Visually Enforced

a blog by Gaston Sanchez

Data from the Web to R

Posted on May 12, 2014

Much of the behind-the-scenes of my research work and side projects have to do with the so-called Web Technologies. Consequently, questions like how to read/import data sets?, or how to preprocess data? become more relevant with data coming from the Web.

How do I parse XML / HTML documents in R? How do I scrape those pieces of valuable information? How do I use R to interact with my browser and make the right requests? These are some of the frequently asked questions I’ve been constantly coming across with when trying to get data from the Web.

Web Technologies for R

It’s no secret or news that the Web is a vast source of data and information. The amount of content and its exponential growth surpasses our capacity to handle it analytically. We hardly know what to do with it, not to mention how to make sense of it. Most of us —statisticians, analysts, data scientists, data miners— are in the same quest for our holy grails: gaining insight and learning from data. That’s where most of us are focusing our energies. However, in order to start crunching numbers, building models, and training machines to learn, we must first have access to the data itself.

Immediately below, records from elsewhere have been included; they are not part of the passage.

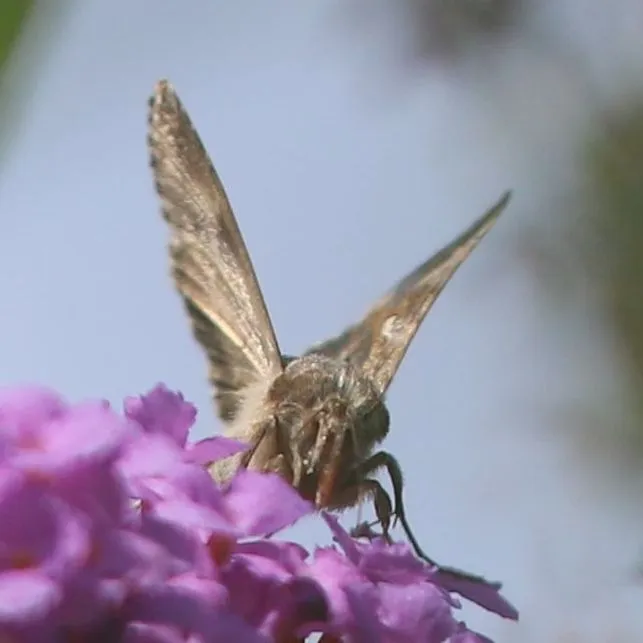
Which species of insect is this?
Autographa gamma
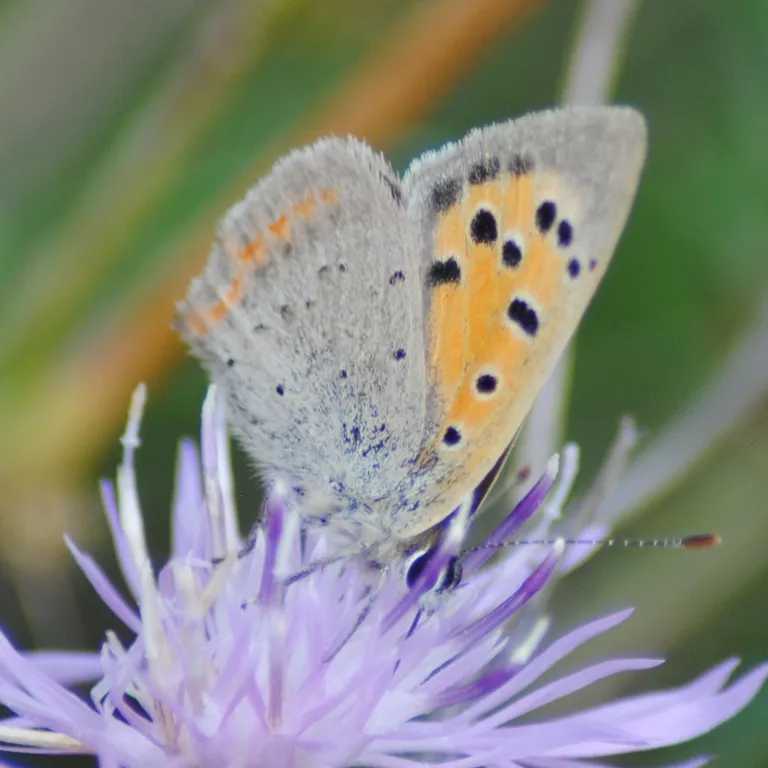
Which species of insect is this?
Lycaena phlaeas
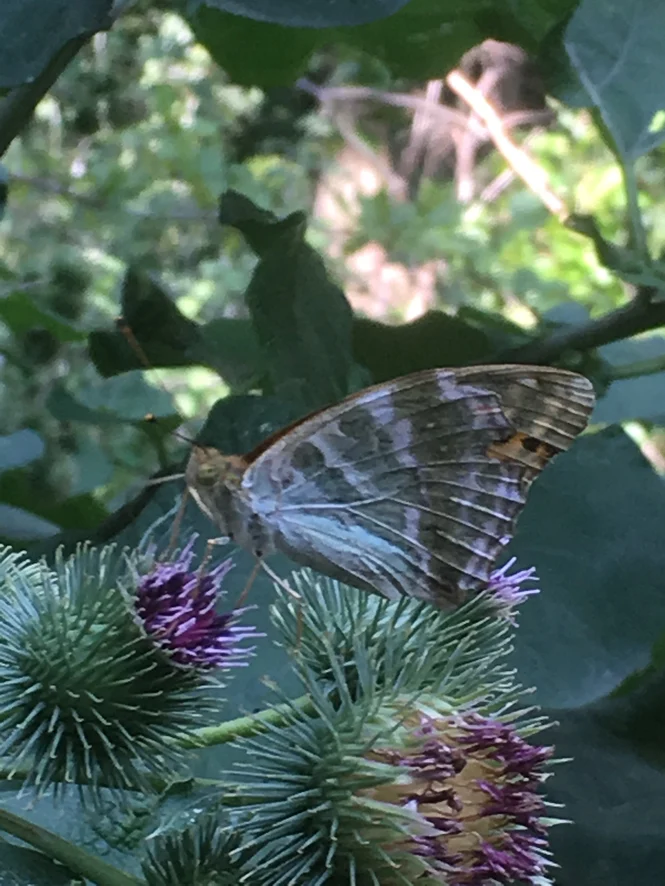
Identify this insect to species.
Argynnis paphia
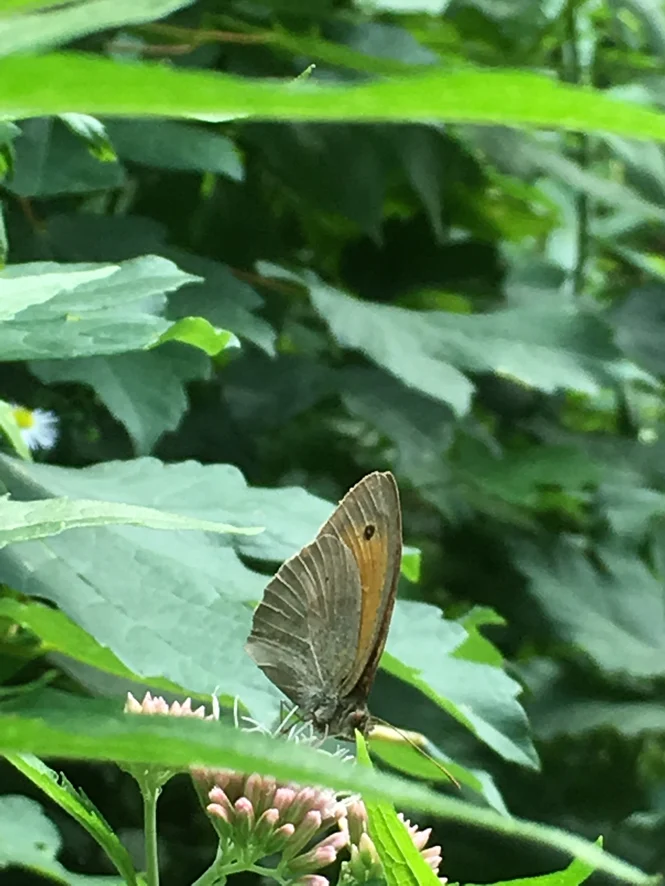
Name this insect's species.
Maniola jurtina

For those of us who primarily work with R, there are various packages that can help us get access to our precious data sources. In addition, there are various resources that can guide us on how to use the tools and functions in those packages.

Deborah Nolan and Duncan Temple Lang have written an awesome book recently published at the beginning of this year.

XML and Web Technologies for Data Sciences with R is one of those books that I’ve been dreaming about for so long. It is THE compendium of reference for anyone interested in how to use R for interacting with Web Technologies.

(Parenthesis: I tip my hat to Duncan for all his amazing work, and his titanic effort leading the omegahat project. Bravo!)

Before Deb and Duncan’s book, the closest thing was Paul Murrell’s excellent book Introduction to Data Technologies (ItDT).

You are probably more familiar with Paul’s work around plots and data visualization with his famous book R Graphics, but his ItDT ebook is one of those rare jewels that most of my closest colleagues have highly ignored. If you haven’t taken a look at it before, stop reading this post and come back after you’ve checked Paul’s ItDT.

Also recently this year, a new Task View for Web Technologies has been added to CRAN. This only reflects the trending topic status that those Web tools have in the R community.

Getting Data from the Web with R

I’m way behind the experience and expertise of Deb, Duncan, Paul and many other R leading figures. But still I want to contribute with my own take on how to use R for getting data from the Web. After some delays due to my design hesitations, I’ve finished a set of slides focused on: How to get data from the Web with R.

In a nutshell, you’ll find the following content:

  1. Introduction
  2. Reading files from the Web
  3. Basics of XML
  4. Parsing XML and HTML Documents
  5. Handling JSON data
  6. Basics of HTTP and RCurl
  7. Getting Data via Web Forms
  8. Getting Data via Web APIs


Inspired by some friends’ inquiry, I thought this could also be a nice opportunity for me to talk about some of the creative process I went through to design and prepare the material of these slides.